Print the listing in its entirety and exactly, leaving out images.

*** Opening of EXERCISE DATA ***

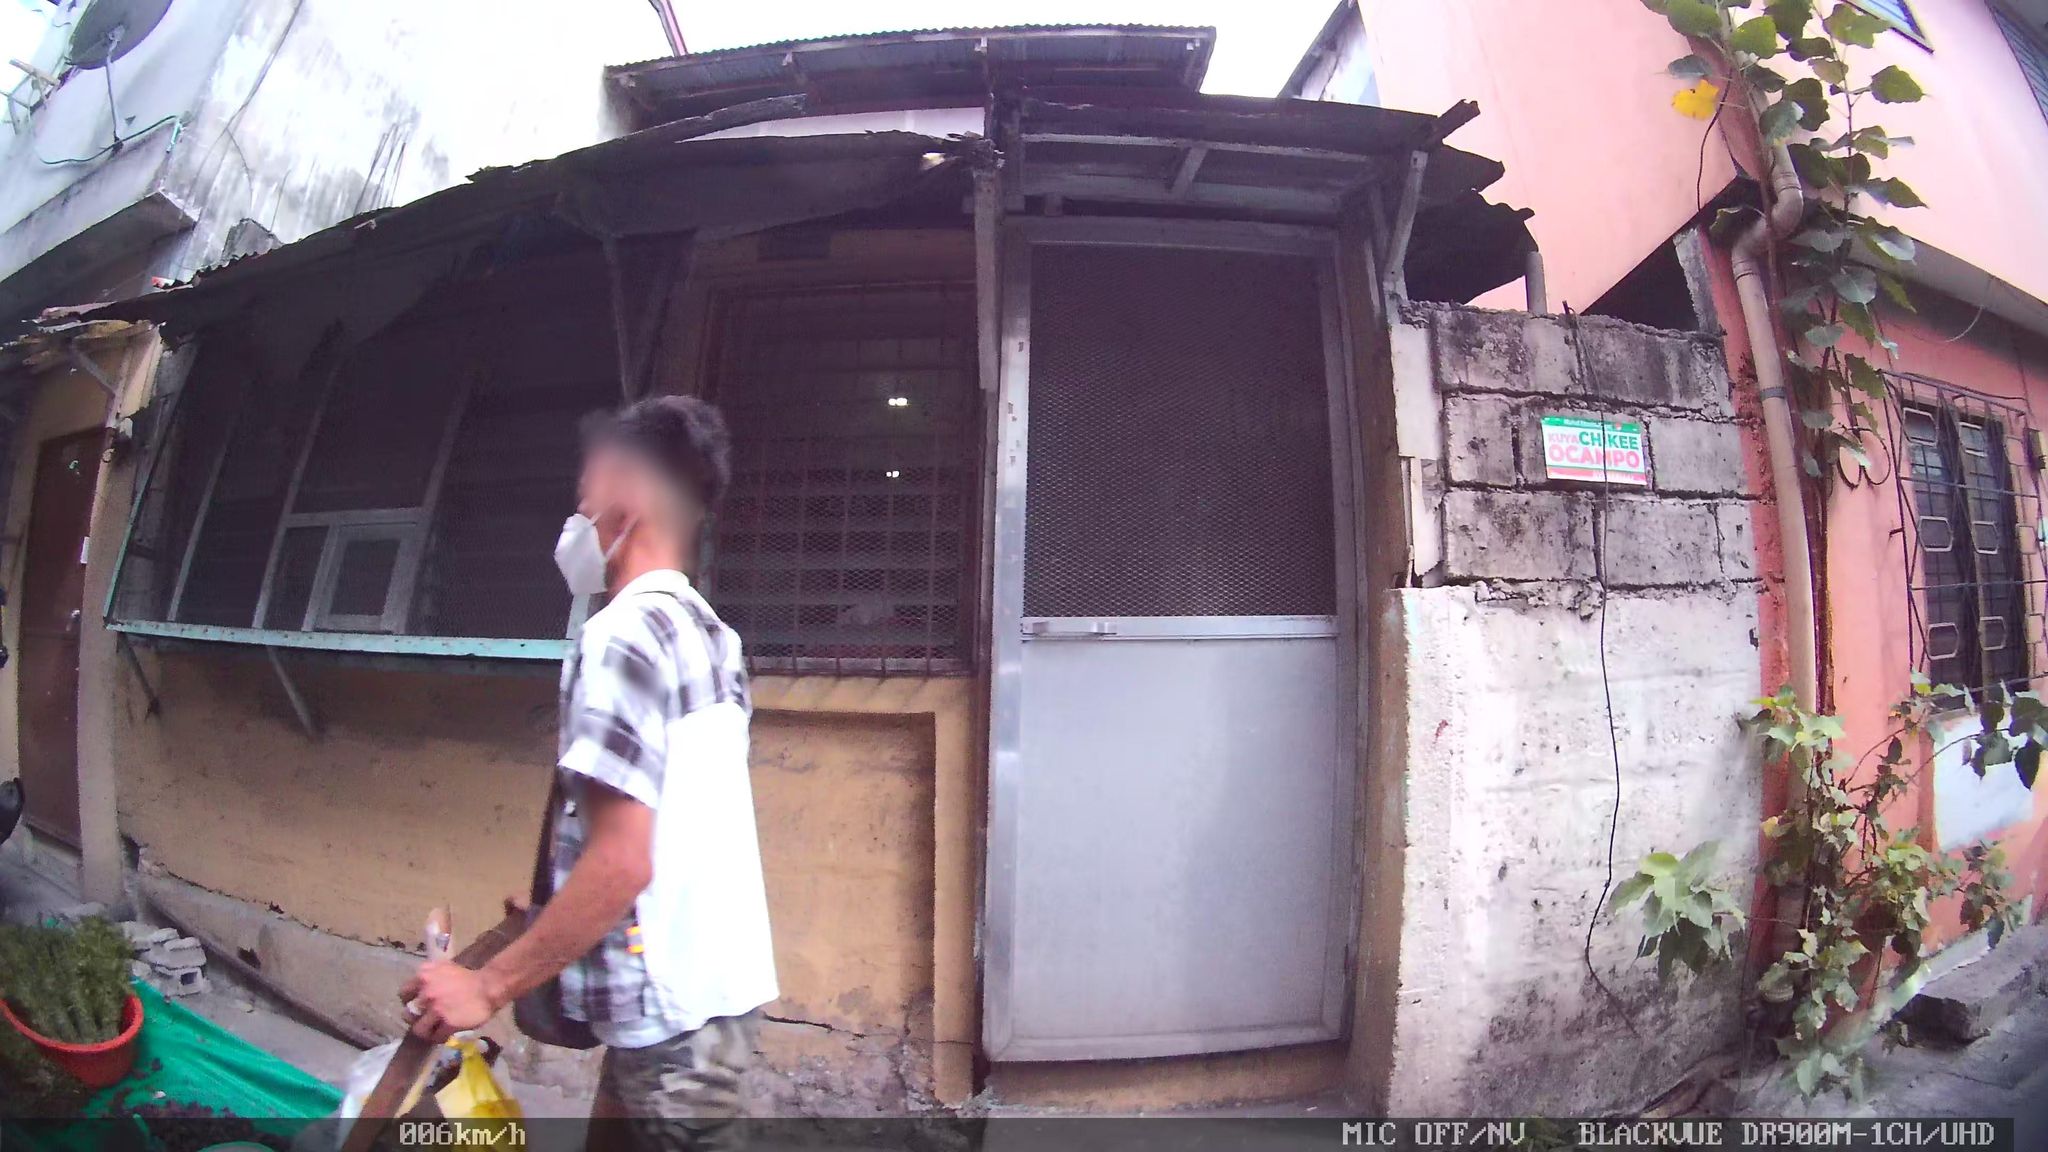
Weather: clear
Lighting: day
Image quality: slightly poor
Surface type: walking surface
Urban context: urban centre
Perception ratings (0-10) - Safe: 1.38, Lively: 6.46, Beautiful: 0.42, Boring: 2.79, Depressing: 7.27, Wealthy: 1.55

*** Close of EXERCISE DATA ***

### OUTPUT OF THE EXERCISE
Weather: clear
Lighting: day
Image quality: slightly poor
Surface type: walking surface
Urban context: urban centre
Perception ratings (0-10) - Safe: 1.38, Lively: 6.46, Beautiful: 0.42, Boring: 2.79, Depressing: 7.27, Wealthy: 1.55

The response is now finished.